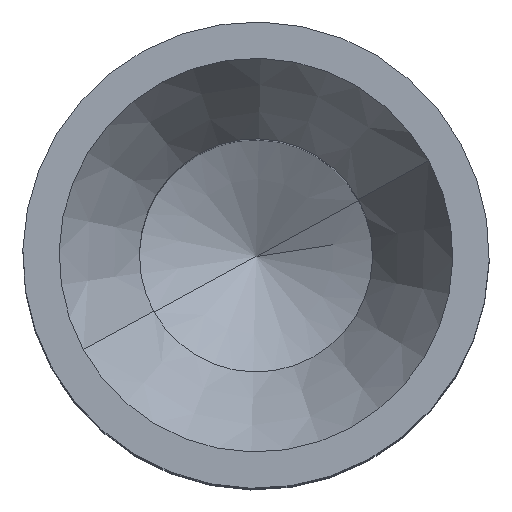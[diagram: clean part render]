
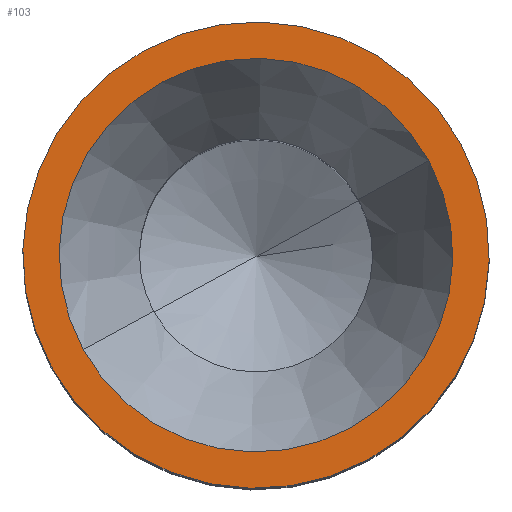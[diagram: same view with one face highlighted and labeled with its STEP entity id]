
A CAD part, top view. The second image highlights one B-rep face of the part: STEP entity #103.
In plain terms, the highlighted planar face has unit normal (0, 0, 1).
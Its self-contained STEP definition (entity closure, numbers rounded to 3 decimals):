
#38=AXIS2_PLACEMENT_3D('Circle Axis2P3D',#36,#37,$) ;
#74=AXIS2_PLACEMENT_3D('Plane Axis2P3D',#71,#72,#73) ;
#78=AXIS2_PLACEMENT_3D('Circle Axis2P3D',#76,#77,$) ;
#87=AXIS2_PLACEMENT_3D('Circle Axis2P3D',#85,#86,$) ;
#96=AXIS2_PLACEMENT_3D('Circle Axis2P3D',#94,#95,$) ;
#36=CARTESIAN_POINT('Axis2P3D Location',(2.25,2.25,25.)) ;
#40=CARTESIAN_POINT('Vertex',(0.275,1.171,25.)) ;
#42=CARTESIAN_POINT('Vertex',(4.225,3.329,25.)) ;
#71=CARTESIAN_POINT('Axis2P3D Location',(0.,2.25,25.)) ;
#76=CARTESIAN_POINT('Axis2P3D Location',(2.25,2.25,25.)) ;
#85=CARTESIAN_POINT('Axis2P3D Location',(2.25,2.25,25.)) ;
#89=CARTESIAN_POINT('Vertex',(0.583,1.339,25.)) ;
#91=CARTESIAN_POINT('Vertex',(3.917,3.161,25.)) ;
#94=CARTESIAN_POINT('Axis2P3D Location',(2.25,2.25,25.)) ;
#37=DIRECTION('Axis2P3D Direction',(0.,0.,1.)) ;
#72=DIRECTION('Axis2P3D Direction',(0.,0.,1.)) ;
#73=DIRECTION('Axis2P3D XDirection',(1.,0.,0.)) ;
#77=DIRECTION('Axis2P3D Direction',(0.,0.,1.)) ;
#86=DIRECTION('Axis2P3D Direction',(0.,0.,1.)) ;
#95=DIRECTION('Axis2P3D Direction',(0.,0.,1.)) ;
#82=ORIENTED_EDGE('',*,*,#80,.T.) ;
#83=ORIENTED_EDGE('',*,*,#44,.T.) ;
#100=ORIENTED_EDGE('',*,*,#93,.F.) ;
#101=ORIENTED_EDGE('',*,*,#98,.F.) ;
#102=FACE_BOUND('',#99,.T.) ;
#103=ADVANCED_FACE('Hauptkoerper',(#84,#102),#75,.T.) ;
#39=CIRCLE('generated circle',#38,2.25) ;
#79=CIRCLE('generated circle',#78,2.25) ;
#88=CIRCLE('generated circle',#87,1.899) ;
#97=CIRCLE('generated circle',#96,1.899) ;
#44=EDGE_CURVE('',#41,#43,#39,.T.) ;
#80=EDGE_CURVE('',#43,#41,#79,.T.) ;
#93=EDGE_CURVE('',#90,#92,#88,.T.) ;
#98=EDGE_CURVE('',#92,#90,#97,.T.) ;
#81=EDGE_LOOP('',(#82,#83)) ;
#99=EDGE_LOOP('',(#100,#101)) ;
#84=FACE_OUTER_BOUND('',#81,.T.) ;
#75=PLANE('',#74) ;
#41=VERTEX_POINT('',#40) ;
#43=VERTEX_POINT('',#42) ;
#90=VERTEX_POINT('',#89) ;
#92=VERTEX_POINT('',#91) ;

» **What to work on**:
Of all the entries above, retype exactly the lines from the line with "#74=AXIS2_PLACEMENT_3D('Plane Axis2P3D',#71,#72,#73) ;" to the line with "#100=ORIENTED_EDGE('',*,*,#93,.F.) ;", both included, and no others.

» **Problem solution**:
#74=AXIS2_PLACEMENT_3D('Plane Axis2P3D',#71,#72,#73) ;
#78=AXIS2_PLACEMENT_3D('Circle Axis2P3D',#76,#77,$) ;
#87=AXIS2_PLACEMENT_3D('Circle Axis2P3D',#85,#86,$) ;
#96=AXIS2_PLACEMENT_3D('Circle Axis2P3D',#94,#95,$) ;
#36=CARTESIAN_POINT('Axis2P3D Location',(2.25,2.25,25.)) ;
#40=CARTESIAN_POINT('Vertex',(0.275,1.171,25.)) ;
#42=CARTESIAN_POINT('Vertex',(4.225,3.329,25.)) ;
#71=CARTESIAN_POINT('Axis2P3D Location',(0.,2.25,25.)) ;
#76=CARTESIAN_POINT('Axis2P3D Location',(2.25,2.25,25.)) ;
#85=CARTESIAN_POINT('Axis2P3D Location',(2.25,2.25,25.)) ;
#89=CARTESIAN_POINT('Vertex',(0.583,1.339,25.)) ;
#91=CARTESIAN_POINT('Vertex',(3.917,3.161,25.)) ;
#94=CARTESIAN_POINT('Axis2P3D Location',(2.25,2.25,25.)) ;
#37=DIRECTION('Axis2P3D Direction',(0.,0.,1.)) ;
#72=DIRECTION('Axis2P3D Direction',(0.,0.,1.)) ;
#73=DIRECTION('Axis2P3D XDirection',(1.,0.,0.)) ;
#77=DIRECTION('Axis2P3D Direction',(0.,0.,1.)) ;
#86=DIRECTION('Axis2P3D Direction',(0.,0.,1.)) ;
#95=DIRECTION('Axis2P3D Direction',(0.,0.,1.)) ;
#82=ORIENTED_EDGE('',*,*,#80,.T.) ;
#83=ORIENTED_EDGE('',*,*,#44,.T.) ;
#100=ORIENTED_EDGE('',*,*,#93,.F.) ;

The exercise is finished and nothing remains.